- [YOUR OBJECTIVE]: Set down a faithful copy of every record below, with no images.

- [MATERIAL TO PROCESS]:
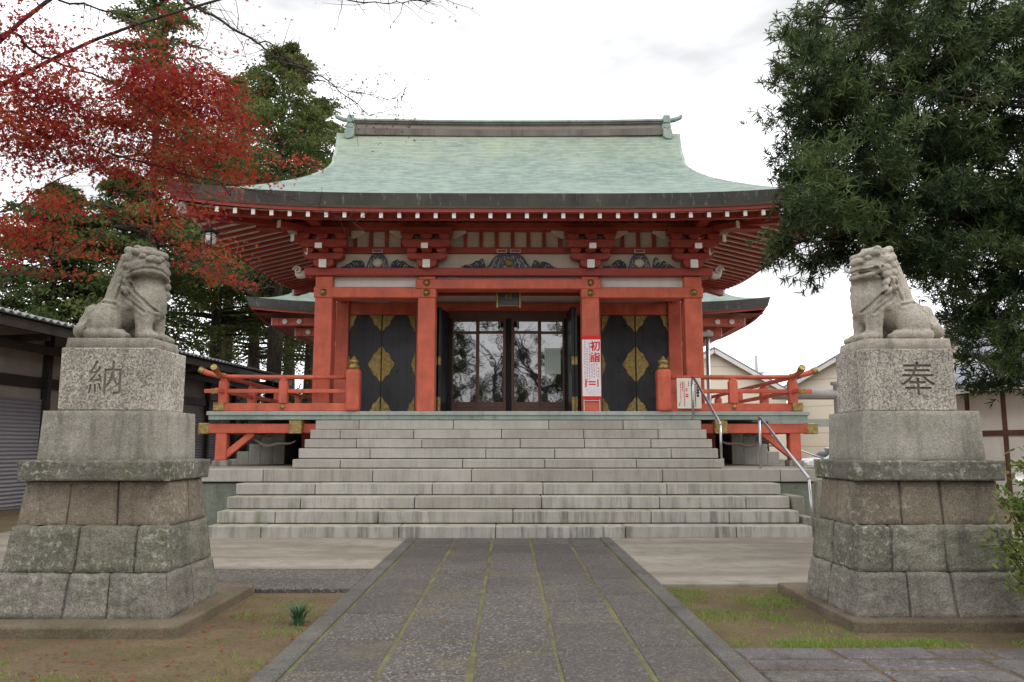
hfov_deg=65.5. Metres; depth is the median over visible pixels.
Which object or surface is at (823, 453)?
parked car
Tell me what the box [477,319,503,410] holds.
glass door
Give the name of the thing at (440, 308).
door leaf
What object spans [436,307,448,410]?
door leaf
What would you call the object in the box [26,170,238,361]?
cypress tree
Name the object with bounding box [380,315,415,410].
door leaf
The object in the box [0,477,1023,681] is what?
ground
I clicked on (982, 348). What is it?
house
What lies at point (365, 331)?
door leaf
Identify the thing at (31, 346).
long shed
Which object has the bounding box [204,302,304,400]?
cypress tree
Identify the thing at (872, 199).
podocarp tree
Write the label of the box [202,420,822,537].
stone staircase
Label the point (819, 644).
grass
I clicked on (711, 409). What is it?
handrail
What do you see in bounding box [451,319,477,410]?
glass door
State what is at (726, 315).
sanctuary
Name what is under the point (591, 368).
poster
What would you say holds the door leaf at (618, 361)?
in the shrine hall
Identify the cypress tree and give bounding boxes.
[0,180,187,349]
[2,0,275,302]
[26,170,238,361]
[85,41,347,402]
[110,75,303,361]
[161,229,312,358]
[185,250,304,393]
[199,96,345,402]
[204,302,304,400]
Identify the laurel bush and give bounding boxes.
[216,393,308,456]
[249,357,282,420]
[257,358,311,402]
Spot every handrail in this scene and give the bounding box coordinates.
[691,377,723,458]
[758,416,814,536]
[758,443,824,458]
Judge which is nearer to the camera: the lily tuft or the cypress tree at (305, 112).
the lily tuft
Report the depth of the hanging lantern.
17.33 m
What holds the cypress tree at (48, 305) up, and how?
on the ground at (145, 666)
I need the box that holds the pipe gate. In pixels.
[764,381,838,426]
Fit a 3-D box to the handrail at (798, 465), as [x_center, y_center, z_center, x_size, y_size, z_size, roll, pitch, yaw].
[4.938,2.380,14.443,0.127,2.087,1.959,1,-8,-9]
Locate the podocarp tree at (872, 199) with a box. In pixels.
[736,0,1023,407]
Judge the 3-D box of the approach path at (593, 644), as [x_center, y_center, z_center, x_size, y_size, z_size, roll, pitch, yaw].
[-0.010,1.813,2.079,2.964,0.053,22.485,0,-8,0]
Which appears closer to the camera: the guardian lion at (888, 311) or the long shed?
the guardian lion at (888, 311)
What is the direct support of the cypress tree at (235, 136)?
on the ground at (145, 666)
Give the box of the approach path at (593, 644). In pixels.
[281,538,735,681]
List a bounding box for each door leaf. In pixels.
[348,315,382,410]
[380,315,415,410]
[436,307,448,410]
[438,307,442,410]
[566,306,574,410]
[574,307,577,410]
[601,315,636,410]
[635,315,668,410]
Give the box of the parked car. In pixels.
[802,447,828,464]
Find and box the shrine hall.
[165,114,817,465]
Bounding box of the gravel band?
[0,569,372,592]
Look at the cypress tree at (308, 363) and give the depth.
39.07 m
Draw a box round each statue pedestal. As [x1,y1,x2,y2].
[0,348,254,638]
[778,349,1023,632]
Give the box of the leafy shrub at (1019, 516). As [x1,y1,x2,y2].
[978,446,1023,598]
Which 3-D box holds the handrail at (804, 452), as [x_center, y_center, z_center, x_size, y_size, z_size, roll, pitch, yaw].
[7.500,3.435,20.559,2.434,1.606,0.120,0,-8,0]
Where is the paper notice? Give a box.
[545,348,560,373]
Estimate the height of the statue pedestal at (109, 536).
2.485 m
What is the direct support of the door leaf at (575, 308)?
in the shrine hall
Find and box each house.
[704,347,786,458]
[784,353,839,457]
[942,315,1023,365]
[954,363,1023,503]
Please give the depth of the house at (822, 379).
44.71 m
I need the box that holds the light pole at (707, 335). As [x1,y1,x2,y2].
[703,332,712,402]
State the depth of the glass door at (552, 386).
20.54 m
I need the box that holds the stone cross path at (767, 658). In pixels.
[733,647,1023,681]
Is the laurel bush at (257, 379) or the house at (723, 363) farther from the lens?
the house at (723, 363)
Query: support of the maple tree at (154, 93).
on the ground at (145, 666)
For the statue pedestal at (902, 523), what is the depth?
7.15 m
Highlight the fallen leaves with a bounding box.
[2,585,972,681]
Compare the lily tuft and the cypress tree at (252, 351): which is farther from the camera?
the cypress tree at (252, 351)
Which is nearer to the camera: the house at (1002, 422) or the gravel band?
the gravel band
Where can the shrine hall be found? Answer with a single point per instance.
(623, 239)
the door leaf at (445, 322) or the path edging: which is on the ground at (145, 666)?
the path edging
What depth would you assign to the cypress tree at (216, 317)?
36.12 m
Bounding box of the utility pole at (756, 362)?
[755,355,764,373]
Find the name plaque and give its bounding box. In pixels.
[496,292,520,307]
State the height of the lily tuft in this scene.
0.213 m
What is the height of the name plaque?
0.440 m
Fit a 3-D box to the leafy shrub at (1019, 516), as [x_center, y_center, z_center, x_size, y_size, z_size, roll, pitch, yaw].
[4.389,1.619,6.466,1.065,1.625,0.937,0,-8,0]
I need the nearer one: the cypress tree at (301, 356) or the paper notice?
the paper notice
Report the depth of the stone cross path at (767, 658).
5.65 m
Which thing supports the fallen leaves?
on the ground at (145, 666)
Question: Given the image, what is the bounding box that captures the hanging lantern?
[201,216,219,248]
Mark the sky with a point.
(698, 60)
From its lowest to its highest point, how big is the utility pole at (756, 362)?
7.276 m
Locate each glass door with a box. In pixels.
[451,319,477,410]
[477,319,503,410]
[514,319,539,410]
[539,319,564,410]
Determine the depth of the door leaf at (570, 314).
19.78 m
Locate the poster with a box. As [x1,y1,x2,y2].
[582,336,600,400]
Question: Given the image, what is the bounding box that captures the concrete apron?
[0,531,1022,586]
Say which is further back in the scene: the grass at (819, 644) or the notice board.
the notice board
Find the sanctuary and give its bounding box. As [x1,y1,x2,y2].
[246,292,769,399]
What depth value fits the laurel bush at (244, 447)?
32.76 m
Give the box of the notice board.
[677,378,701,408]
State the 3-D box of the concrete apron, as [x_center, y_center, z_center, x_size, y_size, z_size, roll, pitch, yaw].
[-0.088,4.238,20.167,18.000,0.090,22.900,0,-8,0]
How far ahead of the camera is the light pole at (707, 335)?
24.11 m
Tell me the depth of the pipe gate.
21.90 m
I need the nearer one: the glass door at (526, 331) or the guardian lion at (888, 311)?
the guardian lion at (888, 311)
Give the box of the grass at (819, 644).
[0,585,1023,681]
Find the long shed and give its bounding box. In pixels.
[0,307,293,510]
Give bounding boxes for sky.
[0,0,1023,402]
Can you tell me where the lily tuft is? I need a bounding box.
[279,599,316,624]
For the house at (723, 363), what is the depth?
45.10 m
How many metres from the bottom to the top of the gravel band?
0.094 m
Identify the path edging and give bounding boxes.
[248,537,767,681]
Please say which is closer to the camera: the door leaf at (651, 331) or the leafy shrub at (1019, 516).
the leafy shrub at (1019, 516)
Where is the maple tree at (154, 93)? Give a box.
[0,0,479,318]
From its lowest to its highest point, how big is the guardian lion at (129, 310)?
1.025 m
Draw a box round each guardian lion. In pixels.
[66,245,178,353]
[840,246,951,354]
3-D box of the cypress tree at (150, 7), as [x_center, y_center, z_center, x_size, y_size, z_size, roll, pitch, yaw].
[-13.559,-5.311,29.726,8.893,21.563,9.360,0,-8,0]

- [THE COMPLETED TASK]:
hfov_deg=65.5. Metres; depth is the median over visible pixels.
Which object or surface is at (823, 453)?
parked car
Tell me what the box [477,319,503,410] holds.
glass door
Give the name of the thing at (440, 308).
door leaf
What object spans [436,307,448,410]?
door leaf
What would you call the object in the box [26,170,238,361]?
cypress tree
Name the object with bounding box [380,315,415,410].
door leaf
The object in the box [0,477,1023,681] is what?
ground
I clicked on (982, 348). What is it?
house
What lies at point (365, 331)?
door leaf
Identify the thing at (31, 346).
long shed
Which object has the bounding box [204,302,304,400]?
cypress tree
Identify the thing at (872, 199).
podocarp tree
Write the label of the box [202,420,822,537].
stone staircase
Label the point (819, 644).
grass
I clicked on (711, 409). What is it?
handrail
What do you see in bounding box [451,319,477,410]?
glass door
State what is at (726, 315).
sanctuary
Name what is under the point (591, 368).
poster
What would you say holds the door leaf at (618, 361)?
in the shrine hall
Identify the cypress tree and give bounding boxes.
[0,180,187,349]
[2,0,275,302]
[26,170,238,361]
[85,41,347,402]
[110,75,303,361]
[161,229,312,358]
[185,250,304,393]
[199,96,345,402]
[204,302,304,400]
Identify the laurel bush and give bounding boxes.
[216,393,308,456]
[249,357,282,420]
[257,358,311,402]
Spot every handrail in this scene and give the bounding box coordinates.
[691,377,723,458]
[758,416,814,536]
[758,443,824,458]
Judge which is nearer to the camera: the lily tuft or the cypress tree at (305, 112).
the lily tuft
Report the depth of the hanging lantern.
17.33 m
What holds the cypress tree at (48, 305) up, and how?
on the ground at (145, 666)
I need the box that holds the pipe gate. In pixels.
[764,381,838,426]
Fit a 3-D box to the handrail at (798, 465), as [x_center, y_center, z_center, x_size, y_size, z_size, roll, pitch, yaw].
[4.938,2.380,14.443,0.127,2.087,1.959,1,-8,-9]
Locate the podocarp tree at (872, 199) with a box. In pixels.
[736,0,1023,407]
Judge the 3-D box of the approach path at (593, 644), as [x_center, y_center, z_center, x_size, y_size, z_size, roll, pitch, yaw].
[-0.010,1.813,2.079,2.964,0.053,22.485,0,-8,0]
Which appears closer to the camera: the guardian lion at (888, 311) or the long shed?
the guardian lion at (888, 311)
What is the direct support of the cypress tree at (235, 136)?
on the ground at (145, 666)
Give the box of the approach path at (593, 644). In pixels.
[281,538,735,681]
List a bounding box for each door leaf. In pixels.
[348,315,382,410]
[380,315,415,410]
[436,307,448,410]
[438,307,442,410]
[566,306,574,410]
[574,307,577,410]
[601,315,636,410]
[635,315,668,410]
Give the box of the parked car. In pixels.
[802,447,828,464]
Find and box the shrine hall.
[165,114,817,465]
Bounding box of the gravel band?
[0,569,372,592]
Look at the cypress tree at (308, 363) and give the depth.
39.07 m
Draw a box round each statue pedestal. As [x1,y1,x2,y2].
[0,348,254,638]
[778,349,1023,632]
Give the box of the leafy shrub at (1019, 516). As [x1,y1,x2,y2].
[978,446,1023,598]
Which 3-D box holds the handrail at (804, 452), as [x_center, y_center, z_center, x_size, y_size, z_size, roll, pitch, yaw].
[7.500,3.435,20.559,2.434,1.606,0.120,0,-8,0]
Where is the paper notice? Give a box.
[545,348,560,373]
Estimate the height of the statue pedestal at (109, 536).
2.485 m
What is the direct support of the door leaf at (575, 308)?
in the shrine hall
Find and box each house.
[704,347,786,458]
[784,353,839,457]
[942,315,1023,365]
[954,363,1023,503]
Please give the depth of the house at (822, 379).
44.71 m
I need the box that holds the light pole at (707, 335). As [x1,y1,x2,y2].
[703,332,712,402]
State the depth of the glass door at (552, 386).
20.54 m
I need the box that holds the stone cross path at (767, 658). In pixels.
[733,647,1023,681]
Is the laurel bush at (257, 379) or the house at (723, 363) farther from the lens?
the house at (723, 363)
Query: support of the maple tree at (154, 93).
on the ground at (145, 666)
For the statue pedestal at (902, 523), what is the depth?
7.15 m
Highlight the fallen leaves with a bounding box.
[2,585,972,681]
Compare the lily tuft and the cypress tree at (252, 351): which is farther from the camera?
the cypress tree at (252, 351)
Which is nearer to the camera: the house at (1002, 422) or the gravel band?
the gravel band
Where can the shrine hall be found? Answer with a single point per instance.
(623, 239)
the door leaf at (445, 322) or the path edging: which is on the ground at (145, 666)?
the path edging
What depth would you assign to the cypress tree at (216, 317)?
36.12 m
Bounding box of the utility pole at (756, 362)?
[755,355,764,373]
Find the name plaque and give its bounding box. In pixels.
[496,292,520,307]
State the height of the lily tuft in this scene.
0.213 m
What is the height of the name plaque?
0.440 m
Fit a 3-D box to the leafy shrub at (1019, 516), as [x_center, y_center, z_center, x_size, y_size, z_size, roll, pitch, yaw].
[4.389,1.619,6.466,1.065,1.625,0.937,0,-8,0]
I need the nearer one: the cypress tree at (301, 356) or the paper notice?
the paper notice
Report the depth of the stone cross path at (767, 658).
5.65 m
Which thing supports the fallen leaves?
on the ground at (145, 666)
Question: Given the image, what is the bounding box that captures the hanging lantern?
[201,216,219,248]
Mark the sky with a point.
(698, 60)
From its lowest to its highest point, how big is the utility pole at (756, 362)?
7.276 m
Locate each glass door with a box. In pixels.
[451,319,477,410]
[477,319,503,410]
[514,319,539,410]
[539,319,564,410]
Determine the depth of the door leaf at (570, 314).
19.78 m
Locate the poster with a box. As [x1,y1,x2,y2].
[582,336,600,400]
Question: Given the image, what is the bounding box that captures the concrete apron?
[0,531,1022,586]
Say which is further back in the scene: the grass at (819, 644) or the notice board.
the notice board
Find the sanctuary and give its bounding box. As [x1,y1,x2,y2].
[246,292,769,399]
What depth value fits the laurel bush at (244, 447)?
32.76 m
Give the box of the notice board.
[677,378,701,408]
State the 3-D box of the concrete apron, as [x_center, y_center, z_center, x_size, y_size, z_size, roll, pitch, yaw].
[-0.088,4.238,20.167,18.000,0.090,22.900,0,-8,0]
How far ahead of the camera is the light pole at (707, 335)?
24.11 m
Tell me the depth of the pipe gate.
21.90 m
I need the nearer one: the glass door at (526, 331) or the guardian lion at (888, 311)?
the guardian lion at (888, 311)
Give the box of the grass at (819, 644).
[0,585,1023,681]
Find the long shed and give its bounding box. In pixels.
[0,307,293,510]
Give bounding boxes for sky.
[0,0,1023,402]
Can you tell me where the lily tuft is? I need a bounding box.
[279,599,316,624]
For the house at (723, 363), what is the depth?
45.10 m
How many metres from the bottom to the top of the gravel band?
0.094 m
Identify the path edging and give bounding boxes.
[248,537,767,681]
Please say which is closer to the camera: the door leaf at (651, 331) or the leafy shrub at (1019, 516).
the leafy shrub at (1019, 516)
Where is the maple tree at (154, 93)? Give a box.
[0,0,479,318]
From its lowest to its highest point, how big is the guardian lion at (129, 310)?
1.025 m
Draw a box round each guardian lion. In pixels.
[66,245,178,353]
[840,246,951,354]
3-D box of the cypress tree at (150, 7), as [x_center, y_center, z_center, x_size, y_size, z_size, roll, pitch, yaw].
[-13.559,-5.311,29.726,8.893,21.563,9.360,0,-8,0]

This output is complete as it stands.